# Usual problems encountered when using lcmm package

We list here some recurrent problems reported by users. Other issues, questions, concerns may have been reported in github: https://github.com/CecileProust-Lima/lcmm/issues/ .

Please refer to github, both closed and opened issues, before sending any question. And please ask the questions via github only.

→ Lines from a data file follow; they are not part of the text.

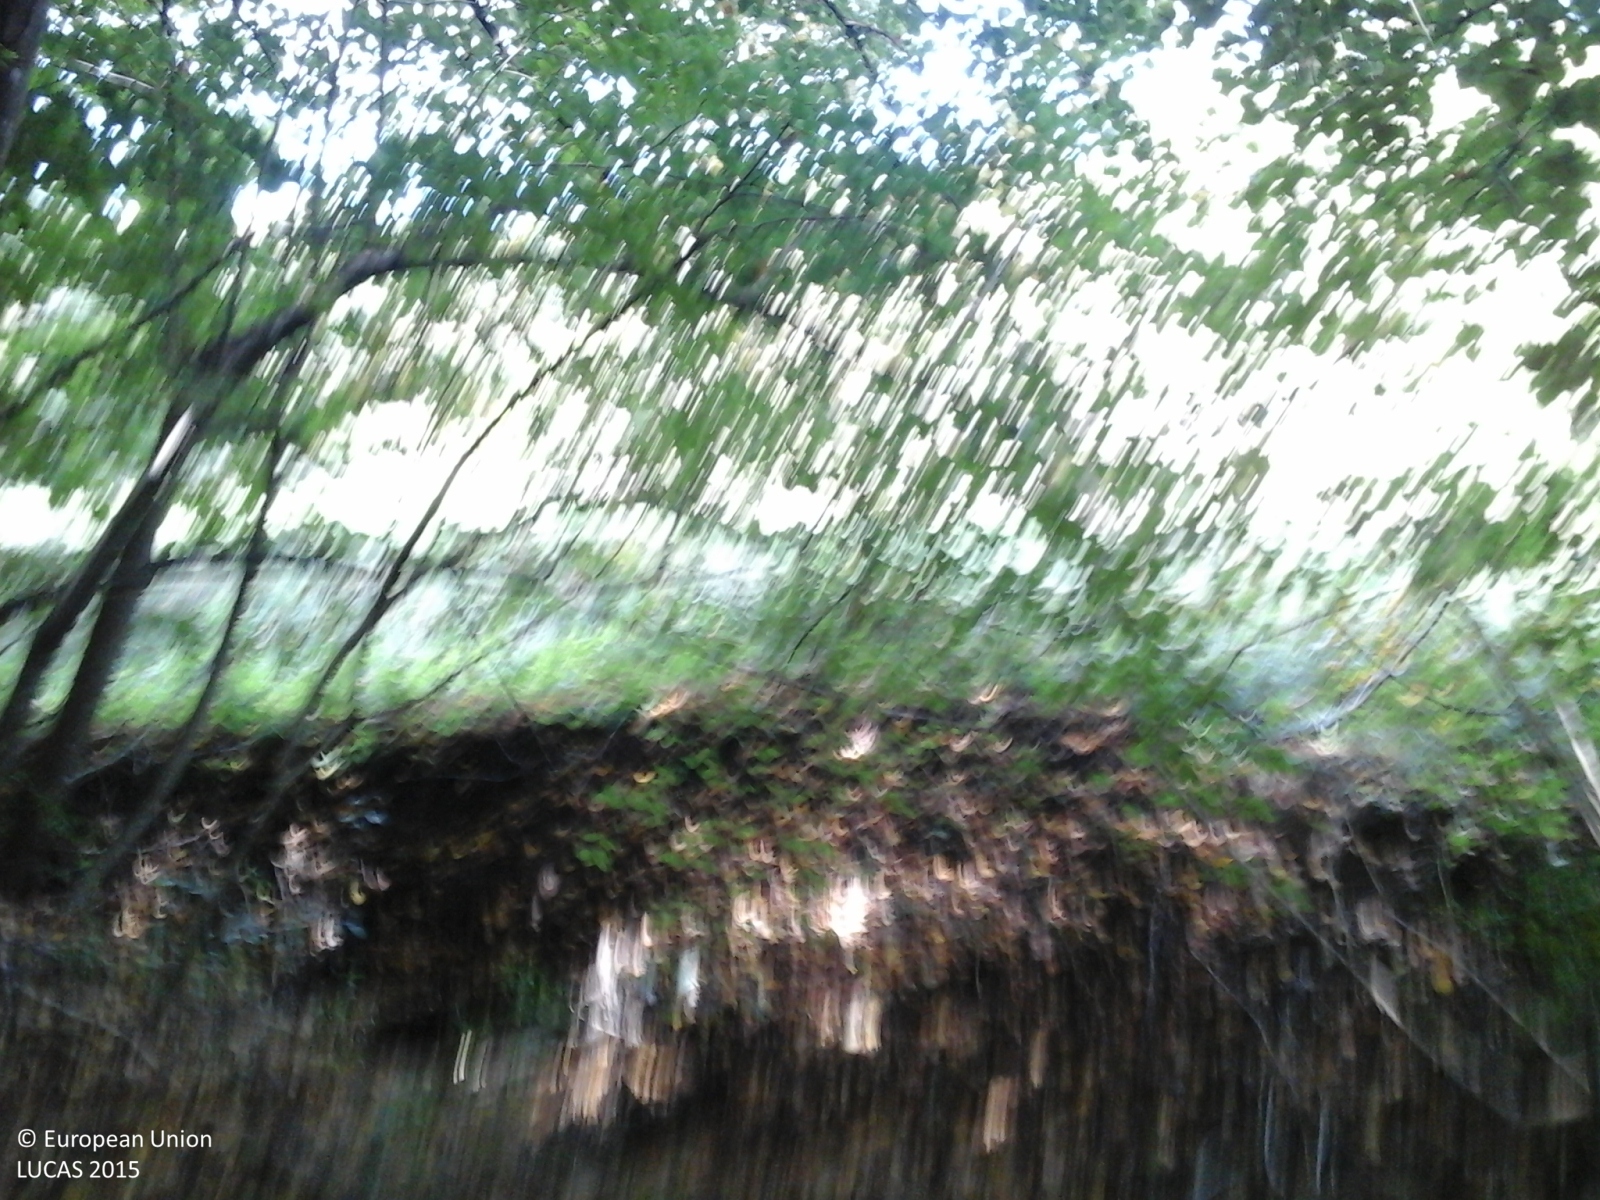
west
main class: Woodland
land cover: Broadleaved woodland
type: thermophilous deciduous forest
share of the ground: > 75 %
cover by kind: broadleaved forest trees 80 %, shrubs 20 %
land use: Semi-natural and natural areas not in use
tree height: > 5 m
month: September
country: IT
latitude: 44.5018
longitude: 8.4814
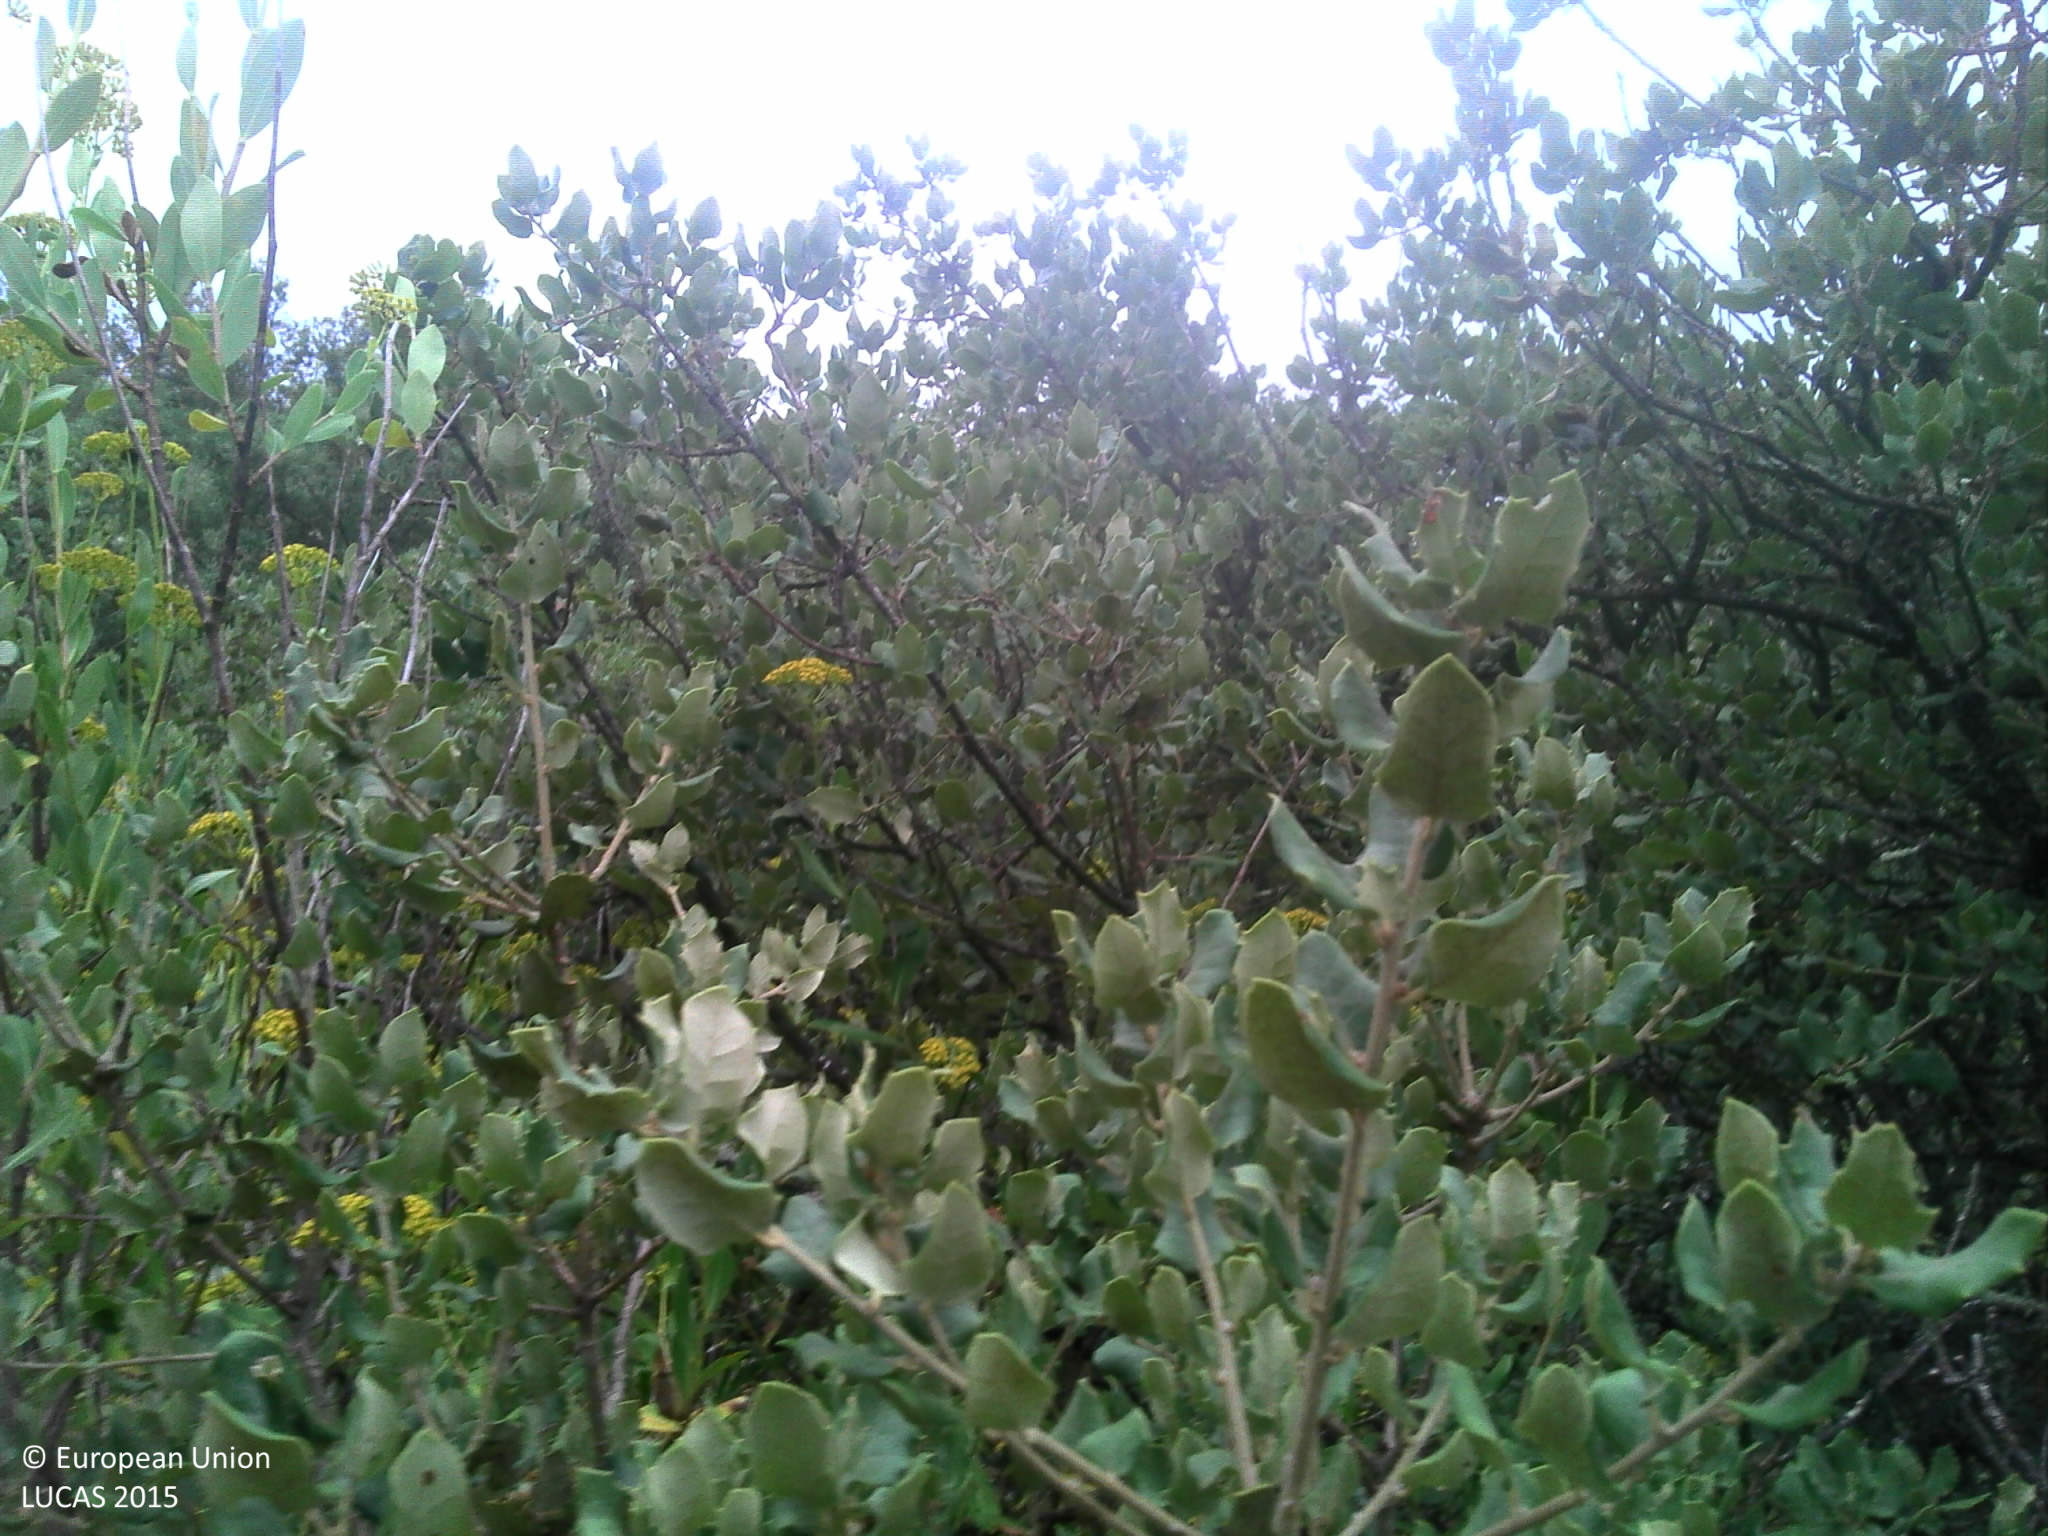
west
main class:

# Why my model did not converge?

It sometimes happens that a model does not converge correctly. This is due most of the time to the very stringent criterion based on the “derivatives”. This criterion uses both the first derivatives and the inverse of the matrix of the second derivatives (Hessian). It ensures that the program converges at a maximum. When it can’t be computed correctly (most of the time because the Hessian is not definite positive), the program reports “second derivatives = 1”.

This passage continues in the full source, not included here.